The machine instructions to be measured are now selected. Programs that are compiled on Tandem compilers with the "`Inspect` symbols" option contain a list of "statement starters" pointing to the first machine code instruction of each compiled source language statement. ("Inspect" is a trademark of Tandem Computers Inc.) For the statement coverage of this embodiment, these statement starting machine instructions are selected as the set of instructions to be measured. In other embodiments, other means may be used to select the measured instructions. For example, all of the code instructions may be selected (code coverage), so long as instructions can be distinguished from data in the object file.
At block 54 (A-157-9), the statement starters are read and measurement instructions are written in place of the statement-starting machine code instructions. In this embodiment, Breakpoint instructions are used as the measurement instructions. Breakpoint instructions are used in this computer system to cause interrupts and turn control over to the corresponding interrupt handler in the operating system. In other embodiments, other measurement instructions may be used, such as an SVC (Supervisor call) or an instruction with an invalid opcode.

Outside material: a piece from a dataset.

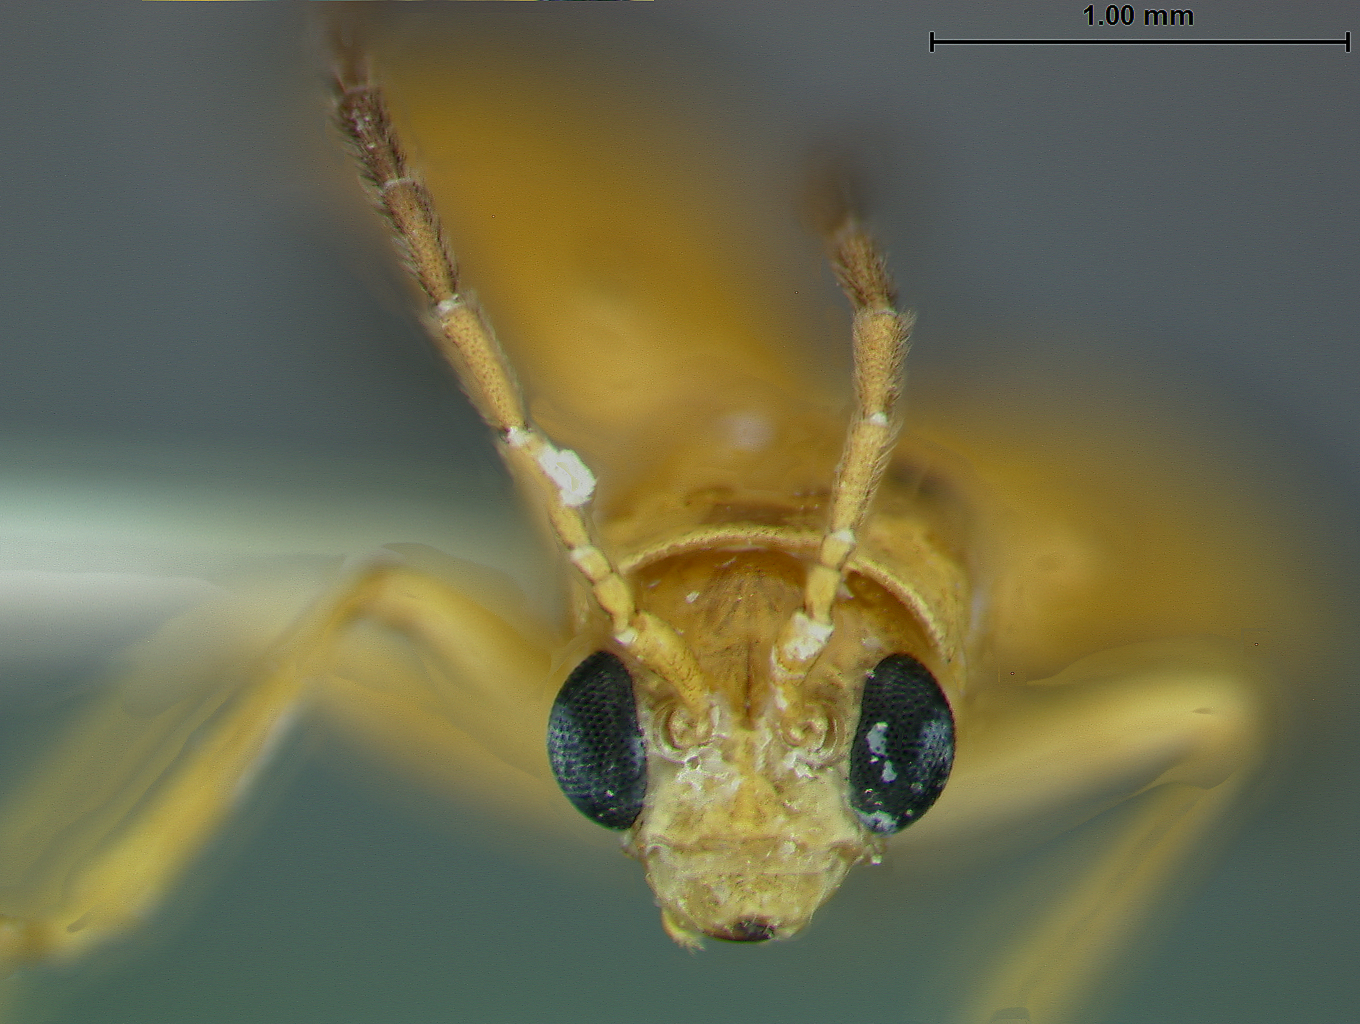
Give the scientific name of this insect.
Iceloceras flavocyaneum
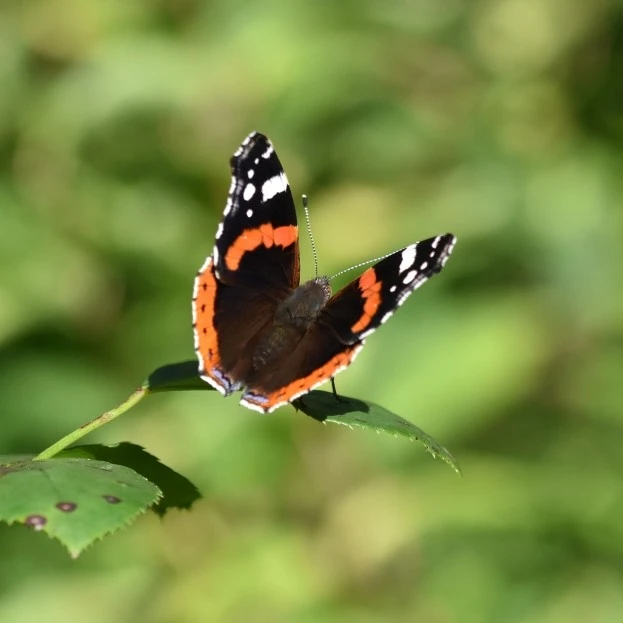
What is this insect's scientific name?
Vanessa atalanta
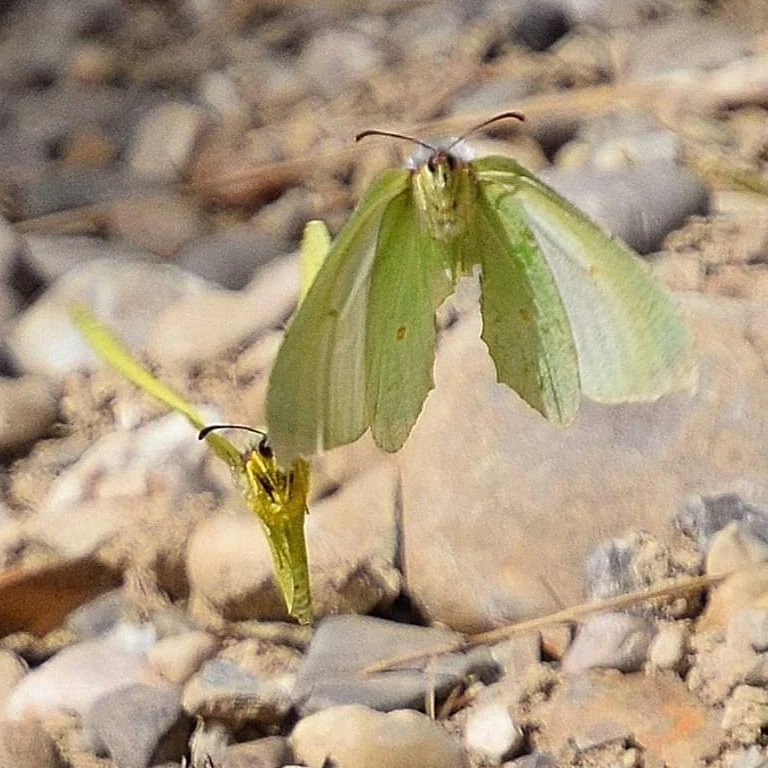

Subroutine calls may also be used, but it is preferable to use non-maskable interrupt-causing instructions to perform the measurement from within the operating system.
At block 56 (A-128), the segment number of the code copy (UC.CopySeg) is written into the PCB for this process, at the code.seg field. This field in the PCB stores the segment number for the program used to execute the process, and is the same field from which the original code segment number was copied to UC.seg. UC.seg thus stores the address of the "original" code, and the PCB has the address of the code copy. This causes the system to use the code copy, with the breakpoints, to execute this process. Other processes may use the unmodified original code while the measurement takes place on the copy.
As the code copy executes, whenever a selected instruction would be executed a breakpoint instruction is executed first. This causes a breakpoint interrupt.
Referring to FIG. 4, a flow chart 62 shows the effect of the breakpoint interrupt. At block 64 (A-84), the breakpoint interrupt handler calls the COVER procedure. At block 66 (A-86), a test is made to determine whether COVER is enabled. This is done by reading the global pointer where the CRCB address is stored and determining whether the address is non-zero. If COVER is not enabled, the called program returns (block 68) to the "standard" interrupt handler. If COVER is enabled, then, at block 70 (A-86), the interrupted run environment is made addressable. Then, at block 72 (A-86), a test is made to determine whether the interrupted process is a measured process. The PIN of the interrupted PCB is read from a global memory location and used to index into the CRCB to determine whether there is a non-zero address pointer to a CPDB for this PIN. If the pointer for this PIN is zero, then this process is not being measured and, at block 74, control is returned to the standard interrupt handler. If the pointer for this PIN is non-zero, then the STATE field in the CPDB is checked. This field indicates whether the measurement is actually running. (While the program is being copied and breakpoints are being inserted, the state field is used to indicate this interim state).
If the process is being measured, then, at block 76 (A-86), the appropriate bit in the bitmap is set to indicate that the instruction has been executed. The bit corresponding to the interrupted (measured) instruction is found as follows: The interrupted instruction is identified by reading the program counter in the program environment register to get the offset (in words) into the segment for the breakpoint instruction that caused the interrupt; this word offset is used as a bit offset from the bitmap starting address stored (at UC.BitmapPtr) in the CPDB. The bit at that offset is set to one to indicate execution of the corresponding measured instruction.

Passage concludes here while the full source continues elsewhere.